Ich werde ein Blutsbruder

Ich falle voll angezogen ins Wasser

Ich treffe Großvater, mehrere Raupen und Klas

Ich untersuche Großvaters Schweinekoteletts und umarme einen Fisch

Ich werde an etwas erinnert, das ich vergessen hatte

Percy kommt an und Großvater zerschlägt einen Stuhl

Im Holzschuppen finden wir Glaube, Hoffnung und Liebe und erfahren etwas über Buffalo Bill

Wir kundschaften Nudisten aus und erleben die Entstehung eines Käfers

Wir sehen das zornigste Pferd von ganz Schweden und tausend Millionen Sterne

Liebe, Nesseln und Essigsäure

Wir vertiefen uns in die Bibel und Percy übt Trockenschwimmen

Percy übt Bogenschießen und kann fast richtig schwimmen

Percy tanzt und kriegt eine Abreibung – und dann noch eine

Ich kriege eine niederschmetternde Antwort und höre die Musik der Liebe

Mir ist düster zumute, aber Percy ist bester Laune

Das Unmögliche ist möglich, wird aber schnell wieder unmöglich

Gott ist kein bisschen friedlich, finde ich

Wo sind die Haare geblieben, Jungs?

Ich denke an gekochte Dorschaugen

Großvater rasiert sich und wird wie neu

Tarzan, Sohn der Krokodile und Dorsche

Buffalo Bill, der Meisterschütze

Über den Autor

Über die Autorin

»Habe ich doch gleich gesagt«, sagte Großvater.

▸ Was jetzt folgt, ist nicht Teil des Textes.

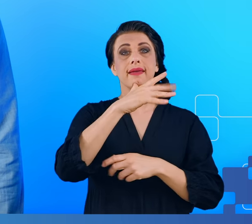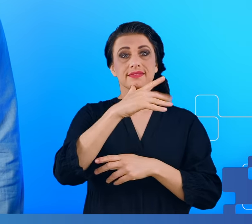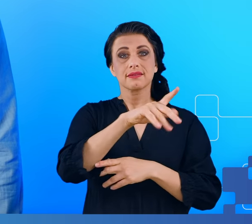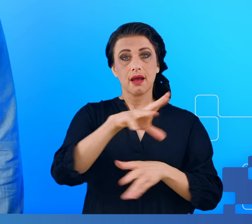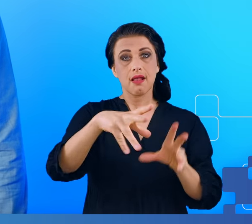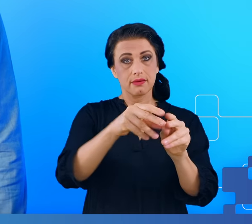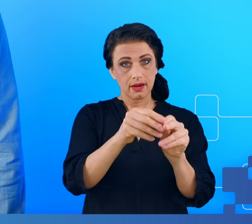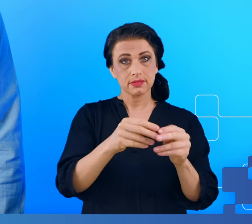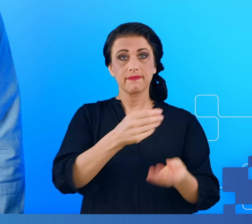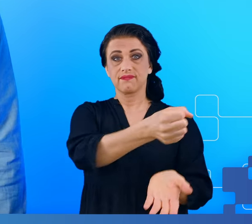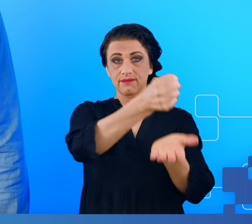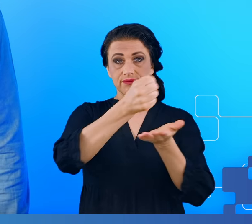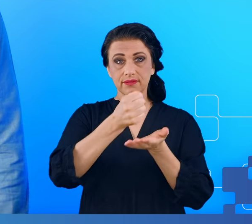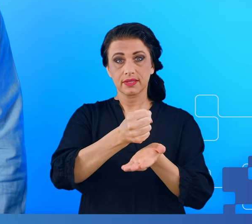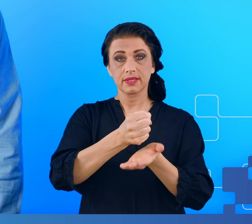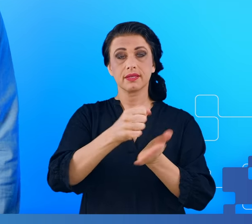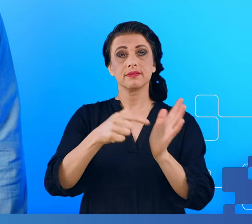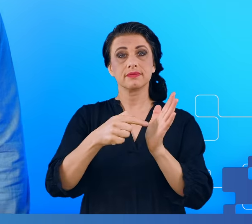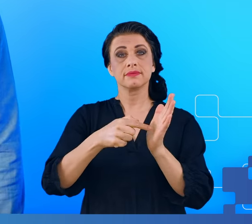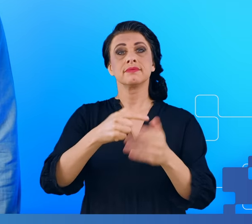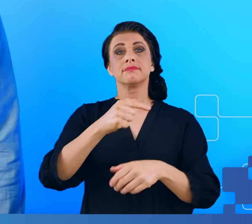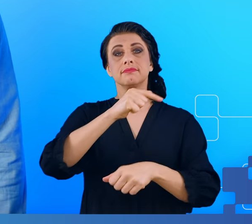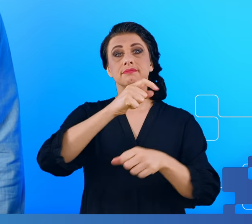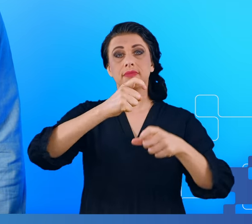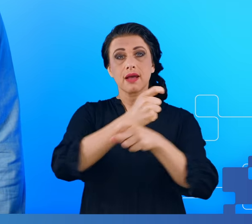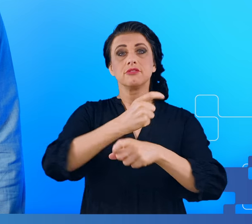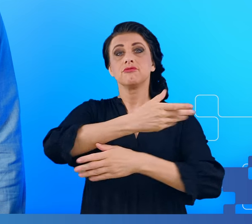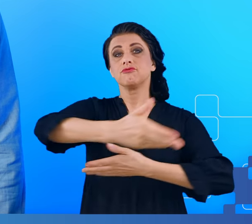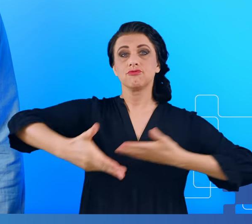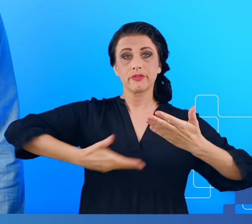finansowane z grantu Narodowej Agencji Wymiany Akademickiej.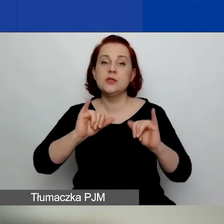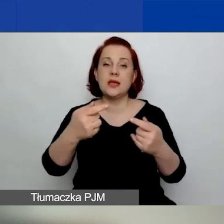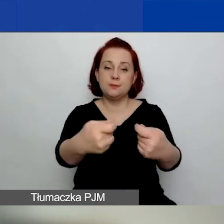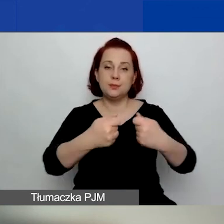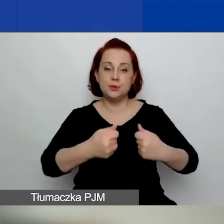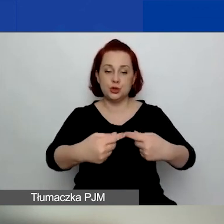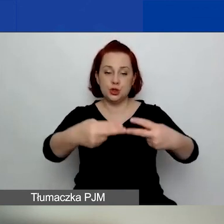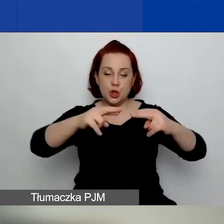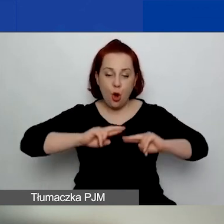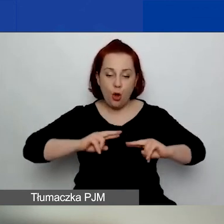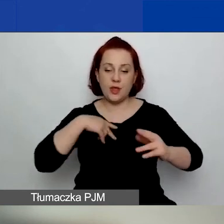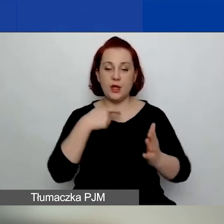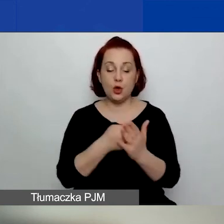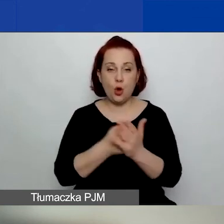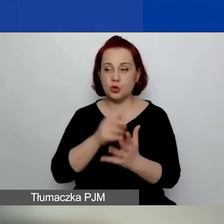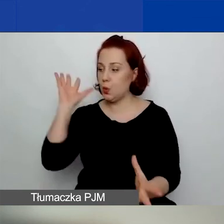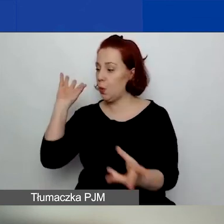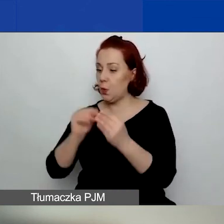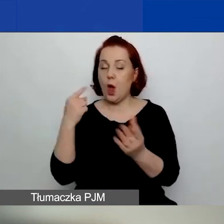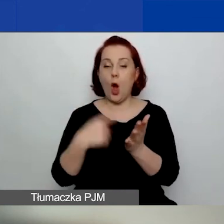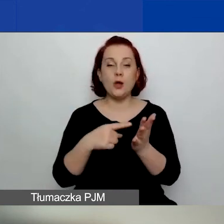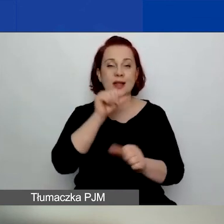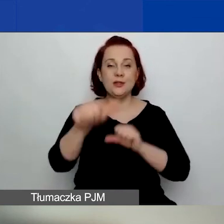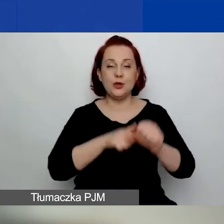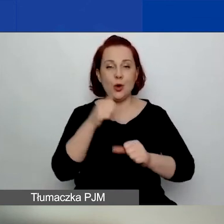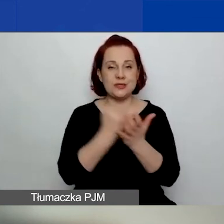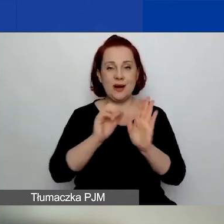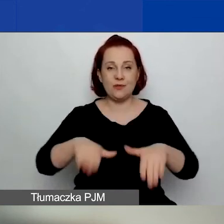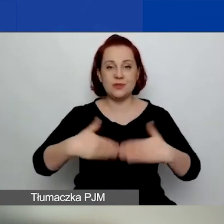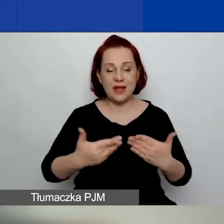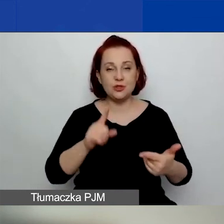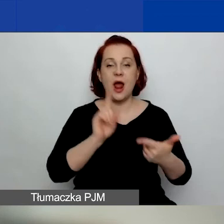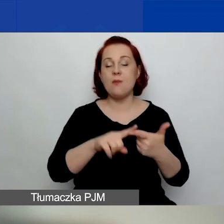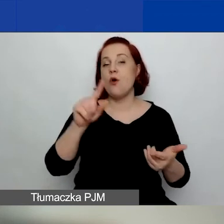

»Das kommt davon, wenn man zu viel isst. Wer hat schon mal was von einem Pferd in einem Schlafzimmer gehört?«

Dylan Thomas: Porträt des Künstlers als junger Hund



Ich werde ein Blutsbruder

Auf manche Tage wartet man mehr als auf andere.

Auf diesen hatten wir fast ein ganzes Jahr gewartet. Die Sonne schien ins Klassenzimmer und ließ ihr munteres Licht auf unsere wassergekämmten Schädel fallen. Auf den roten Apfel, den Ann-Kristin vorne aufs Pult gelegt hatte, schien sie auch. Unsere Bänke hatten wir bereits ausgeräumt. Herrlicher als so konnte das Leben nicht werden. Heute würden nämlich die Sommerferien anfangen. Und ich dachte lauter erfreuliche Gedanken. Zum Beispiel dachte ich an Klas, an Pia, an den Duft der Brennnesseln, an meinen zornigen, dicken Großvater und daran, wie wundervoll es sein würde, in die Wellen zu tauchen, die hinter den Schärendampfern aufschäumten. Da klopfte mein Freund Percy mir plötzlich auf die Schulter und steckte mir einen zerknitterten Zettel zu.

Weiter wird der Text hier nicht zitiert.